Filter the records below, keeping only lines with the string "alley".
(Beginning of EXCERPTED DATA)
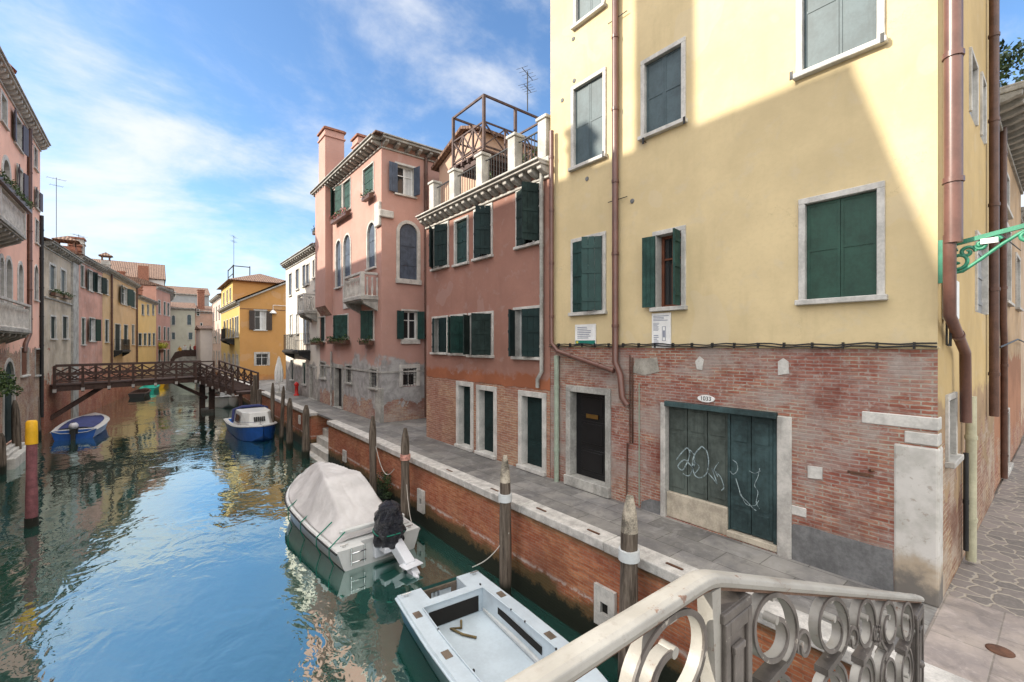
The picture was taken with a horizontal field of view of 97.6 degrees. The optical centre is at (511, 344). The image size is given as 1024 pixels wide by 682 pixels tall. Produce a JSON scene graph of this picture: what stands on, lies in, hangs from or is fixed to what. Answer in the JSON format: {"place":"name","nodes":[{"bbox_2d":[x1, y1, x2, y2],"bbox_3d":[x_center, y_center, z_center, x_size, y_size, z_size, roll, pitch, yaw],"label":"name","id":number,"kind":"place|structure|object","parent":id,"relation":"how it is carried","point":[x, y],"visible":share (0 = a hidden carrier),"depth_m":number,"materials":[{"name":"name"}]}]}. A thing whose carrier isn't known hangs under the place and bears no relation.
{"place":"outdoors","nodes":[
{"label":"outdoors","id":0,"kind":"place"},
{"bbox_2d":[166,286,209,305],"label":"long grey house","id":1,"kind":"structure","parent":0,"point":[185,294],"depth_m":91.53,"materials":[{"name":"paint"}]},
{"bbox_2d":[209,293,220,371],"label":"canal house","id":2,"kind":"structure","parent":0,"point":[215,300],"depth_m":53.70,"materials":[{"name":"white paint"}]},
{"bbox_2d":[280,243,319,401],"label":"white building","id":3,"kind":"structure","parent":0,"point":[301,352],"depth_m":28.03,"materials":[{"name":"paint"}]},
{"bbox_2d":[0,374,638,681],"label":"water","id":4,"kind":"structure","parent":0,"point":[163,541],"depth_m":9.70,"materials":[{"name":"blue liquid"}]},
{"bbox_2d":[0,433,6,474],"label":"mooring post","id":5,"kind":"object","parent":4,"relation":"in","point":[3,463],"visible":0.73,"depth_m":17.12,"materials":[{"name":"brown wood"}]},
{"bbox_2d":[11,400,21,448],"bbox_3d":[-21.460,4.071,19.444,0.380,3.358,0.308,0,0,-39],"label":"mooring post","id":6,"kind":"object","parent":4,"relation":"in","point":[15,427],"visible":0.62,"depth_m":19.33,"materials":[{"name":"brown wood"}]},
{"bbox_2d":[24,420,38,527],"bbox_3d":[-13.115,3.907,12.229,0.290,3.685,0.286,0,0,-39],"label":"striped pole","id":7,"kind":"object","parent":4,"relation":"in","point":[31,519],"visible":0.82,"depth_m":12.15,"materials":[{"name":"red paint"}]},
{"bbox_2d":[50,412,109,440],"bbox_3d":[-24.381,4.650,25.564,2.053,1.200,6.027,0,0,-35],"label":"blue boat","id":8,"kind":"object","parent":4,"relation":"on","point":[91,425],"visible":0.98,"depth_m":23.88,"materials":[{"name":"blue plastic"}]},
{"bbox_2d":[215,392,238,407],"bbox_3d":[-23.694,4.500,37.066,2.206,1.340,5.516,0,0,-37],"label":"white day boat","id":9,"kind":"object","parent":4,"relation":"on","point":[222,399],"visible":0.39,"depth_m":35.28,"materials":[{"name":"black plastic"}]},
{"bbox_2d":[223,404,276,441],"bbox_3d":[-14.421,4.260,24.826,2.104,1.819,5.618,0,0,-41],"label":"cabin boat","id":10,"kind":"object","parent":4,"relation":"on","point":[248,424],"visible":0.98,"depth_m":23.35,"materials":[{"name":"blue plastic"}]},
{"bbox_2d":[279,386,284,443],"bbox_3d":[-11.591,3.914,22.539,0.313,3.671,0.211,0,0,-39],"label":"mooring post","id":11,"kind":"object","parent":4,"relation":"in","point":[281,433],"visible":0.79,"depth_m":22.48,"materials":[{"name":"brown wood"}]},
{"bbox_2d":[286,398,292,449],"bbox_3d":[-10.539,4.138,21.219,0.300,3.224,0.309,0,0,-39],"label":"mooring post","id":12,"kind":"object","parent":4,"relation":"in","point":[289,435],"visible":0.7,"depth_m":21.13,"materials":[{"name":"brown wood"}]},
{"bbox_2d":[302,405,309,458],"bbox_3d":[-9.035,4.192,19.617,0.342,3.116,0.347,0,0,-39],"label":"mooring post","id":13,"kind":"object","parent":4,"relation":"in","point":[305,435],"visible":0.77,"depth_m":19.52,"materials":[{"name":"brown wood"}]},
{"bbox_2d":[284,461,422,577],"bbox_3d":[-4.482,4.369,11.975,2.234,1.834,7.020,0,0,-42],"label":"covered boat","id":14,"kind":"object","parent":4,"relation":"on","point":[344,518],"visible":1,"depth_m":10.85,"materials":[{"name":"white fabric"}]},
{"bbox_2d":[369,416,376,493],"bbox_3d":[-4.320,3.982,13.922,0.242,3.536,0.245,0,0,-39],"label":"mooring post","id":15,"kind":"object","parent":4,"relation":"in","point":[372,458],"visible":0.65,"depth_m":13.84,"materials":[{"name":"brown wood"}]},
{"bbox_2d":[400,428,410,520],"bbox_3d":[-2.887,4.001,12.125,0.278,3.498,0.275,0,0,-39],"label":"mooring post","id":16,"kind":"object","parent":4,"relation":"in","point":[405,456],"visible":0.73,"depth_m":12.03,"materials":[{"name":"brown wood"}]},
{"bbox_2d":[395,570,607,681],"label":"open boat","id":17,"kind":"object","parent":4,"relation":"on","point":[475,626],"visible":0.94,"depth_m":7.30,"materials":[{"name":"white plastic"}]},
{"bbox_2d":[498,455,511,595],"bbox_3d":[-0.132,3.946,8.681,0.268,3.609,0.264,0,0,-39],"label":"mooring post","id":18,"kind":"object","parent":4,"relation":"in","point":[505,540],"visible":0.81,"depth_m":8.59,"materials":[{"name":"brown wood"}]},
{"bbox_2d":[617,494,639,681],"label":"mooring post","id":19,"kind":"object","parent":4,"relation":"in","point":[629,554],"visible":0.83,"depth_m":6.33,"materials":[{"name":"brown wood"}]},
{"bbox_2d":[297,126,442,422],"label":"pink building","id":20,"kind":"structure","parent":0,"point":[370,192],"depth_m":19.45,"materials":[{"name":"pink paint"}]},
{"bbox_2d":[330,183,341,216],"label":"window","id":21,"kind":"structure","parent":20,"relation":"in","point":[336,194],"depth_m":22.52,"materials":[{"name":"green wood"}]},
{"bbox_2d":[334,239,341,289],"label":"window","id":22,"kind":"structure","parent":20,"relation":"in","point":[338,247],"depth_m":22.84,"materials":[{"name":"grey glass"}]},
{"bbox_2d":[333,364,342,409],"bbox_3d":[-8.698,2.085,22.668,0.338,2.211,1.348,0,0,-39],"label":"door","id":23,"kind":"structure","parent":20,"relation":"in","point":[338,372],"depth_m":23.04,"materials":[{"name":"stone"}]},
{"bbox_2d":[333,313,348,339],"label":"window","id":24,"kind":"structure","parent":20,"relation":"in","point":[341,321],"depth_m":21.62,"materials":[{"name":"green wood"}]},
{"bbox_2d":[342,176,350,210],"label":"window","id":25,"kind":"structure","parent":20,"relation":"in","point":[346,185],"depth_m":21.75,"materials":[{"name":"wood"}]},
{"bbox_2d":[341,233,351,285],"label":"window","id":26,"kind":"structure","parent":20,"relation":"in","point":[347,238],"depth_m":21.78,"materials":[{"name":"glass"}]},
{"bbox_2d":[360,309,374,340],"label":"window","id":27,"kind":"structure","parent":20,"relation":"in","point":[366,316],"depth_m":18.95,"materials":[{"name":"green wood"}]},
{"bbox_2d":[362,161,373,195],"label":"window","id":28,"kind":"structure","parent":20,"relation":"in","point":[368,172],"depth_m":19.62,"materials":[{"name":"green stone"}]},
{"bbox_2d":[365,220,376,270],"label":"window","id":29,"kind":"structure","parent":20,"relation":"in","point":[371,230],"depth_m":19.38,"materials":[{"name":"glass"}]},
{"bbox_2d":[367,367,377,390],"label":"window","id":30,"kind":"structure","parent":20,"relation":"in","point":[373,377],"depth_m":19.24,"materials":[{"name":"stone"}]},
{"bbox_2d":[389,161,419,198],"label":"window","id":31,"kind":"structure","parent":20,"relation":"in","point":[404,179],"depth_m":19.09,"materials":[{"name":"blue wood"}]},
{"bbox_2d":[396,220,421,284],"bbox_3d":[-4.457,-3.948,19.174,1.167,2.712,0.303,0,0,-39],"label":"window","id":32,"kind":"structure","parent":20,"relation":"in","point":[408,238],"depth_m":19.16,"materials":[{"name":"white stone"}]},
{"bbox_2d":[399,364,419,386],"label":"window","id":33,"kind":"structure","parent":20,"relation":"in","point":[405,378],"depth_m":19.27,"materials":[{"name":"white stone"}]},
{"bbox_2d":[397,309,424,343],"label":"window","id":34,"kind":"structure","parent":20,"relation":"in","point":[410,323],"depth_m":19.24,"materials":[{"name":"green wood"}]},
{"bbox_2d":[415,113,550,477],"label":"red building","id":35,"kind":"structure","parent":0,"point":[488,371],"depth_m":12.48,"materials":[{"name":"paint"}]},
{"bbox_2d":[430,315,447,354],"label":"window","id":36,"kind":"structure","parent":35,"relation":"in","point":[439,323],"depth_m":14.80,"materials":[{"name":"green wood"}]},
{"bbox_2d":[429,221,449,271],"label":"window","id":37,"kind":"structure","parent":35,"relation":"in","point":[438,234],"depth_m":14.62,"materials":[{"name":"green wood"}]},
{"bbox_2d":[447,313,466,355],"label":"window","id":38,"kind":"structure","parent":35,"relation":"in","point":[455,322],"depth_m":13.59,"materials":[{"name":"green wood"}]},
{"bbox_2d":[452,215,468,267],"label":"window","id":39,"kind":"structure","parent":35,"relation":"in","point":[461,225],"depth_m":13.94,"materials":[{"name":"green wood"}]},
{"bbox_2d":[454,381,473,451],"bbox_3d":[-1.388,2.158,13.771,0.338,2.064,0.954,0,0,-39],"label":"door","id":40,"kind":"structure","parent":35,"relation":"in","point":[464,390],"depth_m":13.96,"materials":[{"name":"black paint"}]},
{"bbox_2d":[463,311,493,357],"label":"window","id":41,"kind":"structure","parent":35,"relation":"in","point":[478,327],"depth_m":12.54,"materials":[{"name":"green wood"}]},
{"bbox_2d":[471,202,493,261],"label":"window","id":42,"kind":"structure","parent":35,"relation":"in","point":[482,214],"depth_m":12.60,"materials":[{"name":"green wood"}]},
{"bbox_2d":[431,125,537,203],"bbox_3d":[-0.742,-6.550,19.256,4.200,4.000,3.600,0,0,-39],"label":"roof hut","id":43,"kind":"object","parent":35,"relation":"on","point":[442,165],"visible":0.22,"depth_m":17.89,"materials":[{"name":"paint"}]},
{"bbox_2d":[474,385,496,459],"bbox_3d":[-0.672,2.181,12.876,0.338,2.019,0.995,0,0,-39],"label":"door","id":44,"kind":"structure","parent":35,"relation":"in","point":[486,396],"depth_m":13.06,"materials":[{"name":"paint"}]},
{"bbox_2d":[508,305,539,359],"bbox_3d":[0.302,-0.301,11.343,0.672,1.360,1.200,0,0,-39],"label":"window","id":45,"kind":"structure","parent":35,"relation":"in","point":[523,322],"depth_m":11.23,"materials":[{"name":"green wood"}]},
{"bbox_2d":[513,181,539,250],"bbox_3d":[0.327,-3.271,11.315,0.668,1.575,1.062,0,0,-39],"label":"window","id":46,"kind":"structure","parent":35,"relation":"in","point":[527,199],"depth_m":11.00,"materials":[{"name":"green wood"}]},
{"bbox_2d":[516,390,550,476],"bbox_3d":[0.563,2.182,11.332,0.338,2.016,1.061,0,0,-39],"label":"door","id":47,"kind":"structure","parent":35,"relation":"in","point":[532,406],"depth_m":11.45,"materials":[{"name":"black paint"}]},
{"bbox_2d":[449,93,537,179],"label":"wooden roof terrace","id":48,"kind":"structure","parent":0,"point":[466,164],"depth_m":15.71,"materials":[{"name":"brown wood"}]},
{"bbox_2d":[0,0,1023,305],"label":"sky","id":49,"kind":"structure","parent":0,"point":[175,130],"materials":[{"name":"blue"}]},
{"bbox_2d":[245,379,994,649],"bbox_3d":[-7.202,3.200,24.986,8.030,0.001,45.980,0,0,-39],"label":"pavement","id":50,"kind":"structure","parent":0,"point":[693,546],"depth_m":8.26,"materials":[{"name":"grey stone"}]},
{"bbox_2d":[274,357,283,392],"bbox_3d":[-15.477,1.974,29.751,0.560,2.448,0.552,0,0,-39],"label":"closed parasol","id":51,"kind":"object","parent":50,"relation":"on","point":[278,375],"visible":0.99,"depth_m":29.62,"materials":[{"name":"fabric"}]},
{"bbox_2d":[317,414,1023,632],"bbox_3d":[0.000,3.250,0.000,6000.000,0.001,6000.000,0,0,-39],"label":"ground","id":52,"kind":"structure","parent":0,"point":[1022,438],"depth_m":13.28,"materials":[{"name":"stone"}]},
{"bbox_2d":[0,46,50,445],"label":"salmon palace","id":53,"kind":"structure","parent":52,"relation":"on","point":[24,141],"depth_m":20.30,"materials":[{"name":"pink paint"}]},
{"bbox_2d":[0,253,4,302],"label":"window","id":54,"kind":"structure","parent":53,"relation":"in","point":[2,260],"depth_m":18.47,"materials":[{"name":"white stone"}]},
{"bbox_2d":[0,88,9,131],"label":"window","id":55,"kind":"structure","parent":53,"relation":"in","point":[3,99],"depth_m":18.79,"materials":[{"name":"white stone"}]},
{"bbox_2d":[5,255,12,303],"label":"window","id":56,"kind":"structure","parent":53,"relation":"in","point":[8,267],"depth_m":19.47,"materials":[{"name":"white stone"}]},
{"bbox_2d":[0,368,23,396],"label":"climbing plant","id":57,"kind":"object","parent":53,"relation":"attached to","point":[4,383],"visible":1,"depth_m":16.90,"materials":[{"name":"green plant"}]},
{"bbox_2d":[6,442,25,469],"bbox_3d":[-21.091,4.800,19.048,0.540,1.100,3.500,0,0,-39],"label":"water landing","id":58,"kind":"object","parent":53,"relation":"attached to","point":[16,457],"visible":0.39,"depth_m":18.45,"materials":[{"name":"white stone"}]},
{"bbox_2d":[17,261,23,307],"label":"window","id":59,"kind":"structure","parent":53,"relation":"in","point":[20,270],"depth_m":21.12,"materials":[{"name":"white stone"}]},
{"bbox_2d":[13,108,28,156],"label":"window","id":60,"kind":"structure","parent":53,"relation":"in","point":[18,127],"depth_m":20.94,"materials":[{"name":"white stone"}]},
{"bbox_2d":[16,163,28,213],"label":"window","id":61,"kind":"structure","parent":53,"relation":"in","point":[22,179],"depth_m":21.12,"materials":[{"name":"white stone"}]},
{"bbox_2d":[20,347,30,377],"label":"window","id":62,"kind":"structure","parent":53,"relation":"in","point":[24,357],"depth_m":21.71,"materials":[{"name":"white stone"}]},
{"bbox_2d":[34,264,40,301],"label":"window","id":63,"kind":"structure","parent":53,"relation":"in","point":[36,273],"depth_m":23.90,"materials":[{"name":"white stone"}]},
{"bbox_2d":[41,236,83,434],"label":"grey house","id":64,"kind":"structure","parent":52,"relation":"on","point":[61,303],"depth_m":27.22,"materials":[{"name":"grey paint"}]},
{"bbox_2d":[49,262,57,291],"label":"window","id":65,"kind":"structure","parent":64,"relation":"in","point":[52,267],"depth_m":26.19,"materials":[{"name":"white stone"}]},
{"bbox_2d":[67,236,108,415],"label":"rose house","id":66,"kind":"structure","parent":52,"relation":"on","point":[92,285],"depth_m":33.62,"materials":[{"name":"pink paint"}]},
{"bbox_2d":[87,268,97,292],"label":"window","id":67,"kind":"structure","parent":66,"relation":"in","point":[92,277],"depth_m":33.76,"materials":[{"name":"green stone"}]},
{"bbox_2d":[89,317,100,341],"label":"window","id":68,"kind":"structure","parent":66,"relation":"in","point":[94,324],"depth_m":34.33,"materials":[{"name":"green stone"}]},
{"bbox_2d":[98,252,140,405],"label":"tan house","id":69,"kind":"structure","parent":52,"relation":"on","point":[120,321],"depth_m":40.63,"materials":[{"name":"beige paint"}]},
{"bbox_2d":[120,284,133,305],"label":"window","id":70,"kind":"structure","parent":69,"relation":"in","point":[127,295],"depth_m":43.54,"materials":[{"name":"green stone"}]},
{"bbox_2d":[91,258,165,285],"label":"hipped roof house","id":71,"kind":"structure","parent":52,"relation":"on","point":[155,273],"depth_m":64.91,"materials":[{"name":"orange tile"}]},
{"bbox_2d":[137,286,159,388],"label":"bright yellow house","id":72,"kind":"structure","parent":52,"relation":"on","point":[146,329],"depth_m":51.40,"materials":[{"name":"yellow paint"}]},
{"bbox_2d":[125,275,172,377],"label":"brick red house","id":73,"kind":"structure","parent":52,"relation":"on","point":[159,293],"depth_m":57.55,"materials":[{"name":"paint"}]},
{"bbox_2d":[170,302,195,372],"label":"green grey house","id":74,"kind":"structure","parent":52,"relation":"on","point":[182,324],"depth_m":76.68,"materials":[{"name":"paint"}]},
{"bbox_2d":[170,350,195,376],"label":"bridge","id":75,"kind":"structure","parent":52,"relation":"on","point":[186,355],"depth_m":62.97,"materials":[{"name":"stone"}]},
{"bbox_2d":[195,289,212,343],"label":"old brick house","id":76,"kind":"structure","parent":52,"relation":"on","point":[203,315],"depth_m":79.29,"materials":[{"name":"pink brick"}]},
{"bbox_2d":[194,325,215,375],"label":"narrow house","id":77,"kind":"structure","parent":52,"relation":"on","point":[204,343],"depth_m":58.55,"materials":[{"name":"paint"}]},
{"bbox_2d":[216,265,285,380],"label":"orange building","id":78,"kind":"structure","parent":52,"relation":"on","point":[252,310],"depth_m":41.31,"materials":[{"name":"orange paint"}]},
{"bbox_2d":[249,309,271,330],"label":"window","id":79,"kind":"structure","parent":78,"relation":"in","point":[259,320],"depth_m":40.76,"materials":[{"name":"white stone"}]},
{"bbox_2d":[254,352,269,365],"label":"window","id":80,"kind":"structure","parent":78,"relation":"in","point":[260,358],"depth_m":40.83,"materials":[{"name":"stone"}]},
{"bbox_2d":[211,372,971,681],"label":"quay wall","id":81,"kind":"structure","parent":52,"relation":"on","point":[565,568],"depth_m":8.50,"materials":[{"name":"brick"}]},
{"bbox_2d":[50,360,264,419],"bbox_3d":[-23.258,3.458,29.673,11.050,4.585,7.000,0,0,-39],"label":"wooden footbridge","id":82,"kind":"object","parent":81,"relation":"on","point":[225,384],"visible":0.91,"depth_m":30.01,"materials":[{"name":"brown wood"}]},
{"bbox_2d":[310,427,327,462],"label":"water steps","id":83,"kind":"structure","parent":81,"relation":"attached to","point":[319,450],"depth_m":19.89,"materials":[{"name":"white stone"}]},
{"bbox_2d":[377,470,392,498],"bbox_3d":[-4.032,4.324,13.932,0.225,0.947,1.394,0,0,-39],"label":"wall weed","id":84,"kind":"object","parent":81,"relation":"attached to","point":[385,478],"depth_m":13.71,"materials":[{"name":"green plant"}]},
{"bbox_2d":[549,0,1000,610],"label":"yellow building","id":85,"kind":"structure","parent":52,"relation":"on","point":[755,172],"depth_m":7.05,"materials":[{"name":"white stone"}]},
{"bbox_2d":[575,324,595,343],"bbox_3d":[1.616,-0.231,9.871,0.024,0.443,0.599,0,0,-39],"label":"wall notice","id":86,"kind":"object","parent":85,"relation":"attached to","point":[585,333],"depth_m":9.85,"materials":[{"name":"white paper"}]},
{"bbox_2d":[564,385,610,497],"bbox_3d":[1.717,2.057,9.890,0.338,2.267,1.295,0,0,-39],"label":"door","id":87,"kind":"structure","parent":85,"relation":"in","point":[588,409],"depth_m":9.97,"materials":[{"name":"black paint"}]},
{"bbox_2d":[568,66,607,171],"bbox_3d":[1.719,-4.901,9.867,0.303,1.921,1.069,0,0,-39],"label":"window","id":88,"kind":"structure","parent":85,"relation":"in","point":[588,96],"depth_m":9.86,"materials":[{"name":"white stone"}]},
{"bbox_2d":[568,231,607,315],"bbox_3d":[1.624,-1.524,9.791,0.548,1.747,1.069,0,0,-39],"label":"window","id":89,"kind":"structure","parent":85,"relation":"in","point":[588,253],"depth_m":9.52,"materials":[{"name":"green wood"}]},
{"bbox_2d":[570,0,606,30],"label":"window","id":90,"kind":"structure","parent":85,"relation":"in","point":[583,10],"depth_m":9.94,"materials":[{"name":"white stone"}]},
{"bbox_2d":[652,312,670,347],"bbox_3d":[2.799,-0.269,8.394,0.022,0.652,0.397,0,0,-39],"label":"wall notice","id":91,"kind":"object","parent":85,"relation":"attached to","point":[661,327],"depth_m":8.38,"materials":[{"name":"white paper"}]},
{"bbox_2d":[637,36,687,141],"bbox_3d":[2.870,-4.750,8.429,0.303,1.551,1.004,0,0,-39],"label":"window","id":92,"kind":"structure","parent":85,"relation":"in","point":[663,74],"depth_m":8.41,"materials":[{"name":"white stone"}]},
{"bbox_2d":[642,225,687,311],"bbox_3d":[2.825,-1.388,8.312,0.520,1.518,0.877,0,0,-39],"label":"window","id":93,"kind":"structure","parent":85,"relation":"in","point":[664,252],"depth_m":8.47,"materials":[{"name":"green wood"}]},
{"bbox_2d":[660,401,791,558],"bbox_3d":[3.566,2.126,7.620,0.290,2.168,2.216,0,0,-39],"label":"garage door","id":94,"kind":"structure","parent":85,"relation":"in","point":[727,471],"depth_m":7.49,"materials":[{"name":"green paint"}]},
{"bbox_2d":[549,342,936,348],"bbox_3d":[3.028,0.008,8.089,0.065,0.093,6.812,0,0,-39],"label":"cable run","id":95,"kind":"object","parent":85,"relation":"attached to","point":[841,345],"visible":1,"depth_m":6.81,"materials":[{"name":"metal"}]},
{"bbox_2d":[793,0,887,80],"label":"window","id":96,"kind":"structure","parent":85,"relation":"in","point":[829,33],"depth_m":6.31,"materials":[{"name":"white stone"}]},
{"bbox_2d":[794,180,887,305],"bbox_3d":[4.600,-1.360,6.267,0.303,1.559,1.062,0,0,-39],"label":"window","id":97,"kind":"structure","parent":85,"relation":"in","point":[841,233],"depth_m":6.23,"materials":[{"name":"green wood"}]},
{"bbox_2d":[945,392,963,468],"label":"window","id":98,"kind":"structure","parent":85,"relation":"in","point":[953,459],"depth_m":6.01,"materials":[{"name":"stone"}]},
{"bbox_2d":[969,46,978,126],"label":"window","id":99,"kind":"structure","parent":85,"relation":"in","point":[973,65],"depth_m":7.55,"materials":[{"name":"white stone"}]},
{"bbox_2d":[938,223,1023,283],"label":"lamp bracket","id":100,"kind":"object","parent":85,"relation":"attached to","point":[985,239],"visible":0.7,"depth_m":5.19,"materials":[{"name":"green metal"}]},
{"bbox_2d":[975,230,988,314],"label":"window","id":101,"kind":"structure","parent":85,"relation":"in","point":[981,268],"depth_m":8.45,"materials":[{"name":"white stone"}]},
{"bbox_2d":[980,71,986,144],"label":"window","id":102,"kind":"structure","parent":85,"relation":"in","point":[983,84],"depth_m":8.28,"materials":[{"name":"white stone"}]},
{"bbox_2d":[994,80,1023,492],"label":"alley house","id":103,"kind":"structure","parent":52,"relation":"on","point":[1007,432],"depth_m":11.20,"materials":[{"name":"paint"}]},
{"bbox_2d":[1007,222,1014,306],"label":"window","id":104,"kind":"structure","parent":103,"relation":"in","point":[1009,246],"depth_m":12.15,"materials":[{"name":"stone"}]},
{"bbox_2d":[1000,37,1023,86],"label":"roof tree","id":105,"kind":"object","parent":103,"relation":"on","point":[1005,67],"visible":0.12,"depth_m":11.63,"materials":[{"name":"green plant"}]},
{"bbox_2d":[1015,252,1023,311],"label":"window","id":106,"kind":"structure","parent":103,"relation":"in","point":[1017,258],"depth_m":14.29,"materials":[{"name":"stone"}]},
{"bbox_3d":[0.041,3.635,-0.755,12.120,3.870,2.970,0,0,-39],"label":"stone bridge","id":107,"kind":"object","parent":52,"relation":"on","visible":0},
{"bbox_2d":[504,569,924,681],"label":"iron railing","id":108,"kind":"object","parent":107,"relation":"on","point":[724,644],"visible":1,"depth_m":1.63,"materials":[{"name":"beige paint"}]},
{"bbox_2d":[924,594,1023,681],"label":"bridge foot paving","id":109,"kind":"structure","parent":0,"point":[960,633],"depth_m":4.83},
{"bbox_2d":[985,643,1015,657],"bbox_3d":[5.103,3.195,4.683,0.220,0.006,0.220,0,0,-39],"label":"drain cover","id":110,"kind":"object","parent":109,"relation":"on","point":[1000,650],"visible":1,"depth_m":4.68,"materials":[{"name":"metal"}]},
{"bbox_2d":[945,440,1023,617],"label":"alley paving","id":111,"kind":"structure","parent":0,"point":[992,577],"depth_m":6.71,"materials":[{"name":"grey stone"}]},
{"bbox_2d":[1021,207,1023,437],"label":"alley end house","id":112,"kind":"structure","parent":0,"point":[1022,329],"depth_m":15.94,"materials":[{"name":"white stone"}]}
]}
(End of EXCERPTED DATA)
■ **ANSWER BELOW**:
{"bbox_2d":[994,80,1023,492],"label":"alley house","id":103,"kind":"structure","parent":52,"relation":"on","point":[1007,432],"depth_m":11.20,"materials":[{"name":"paint"}]},
{"bbox_2d":[945,440,1023,617],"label":"alley paving","id":111,"kind":"structure","parent":0,"point":[992,577],"depth_m":6.71,"materials":[{"name":"grey stone"}]},
{"bbox_2d":[1021,207,1023,437],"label":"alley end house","id":112,"kind":"structure","parent":0,"point":[1022,329],"depth_m":15.94,"materials":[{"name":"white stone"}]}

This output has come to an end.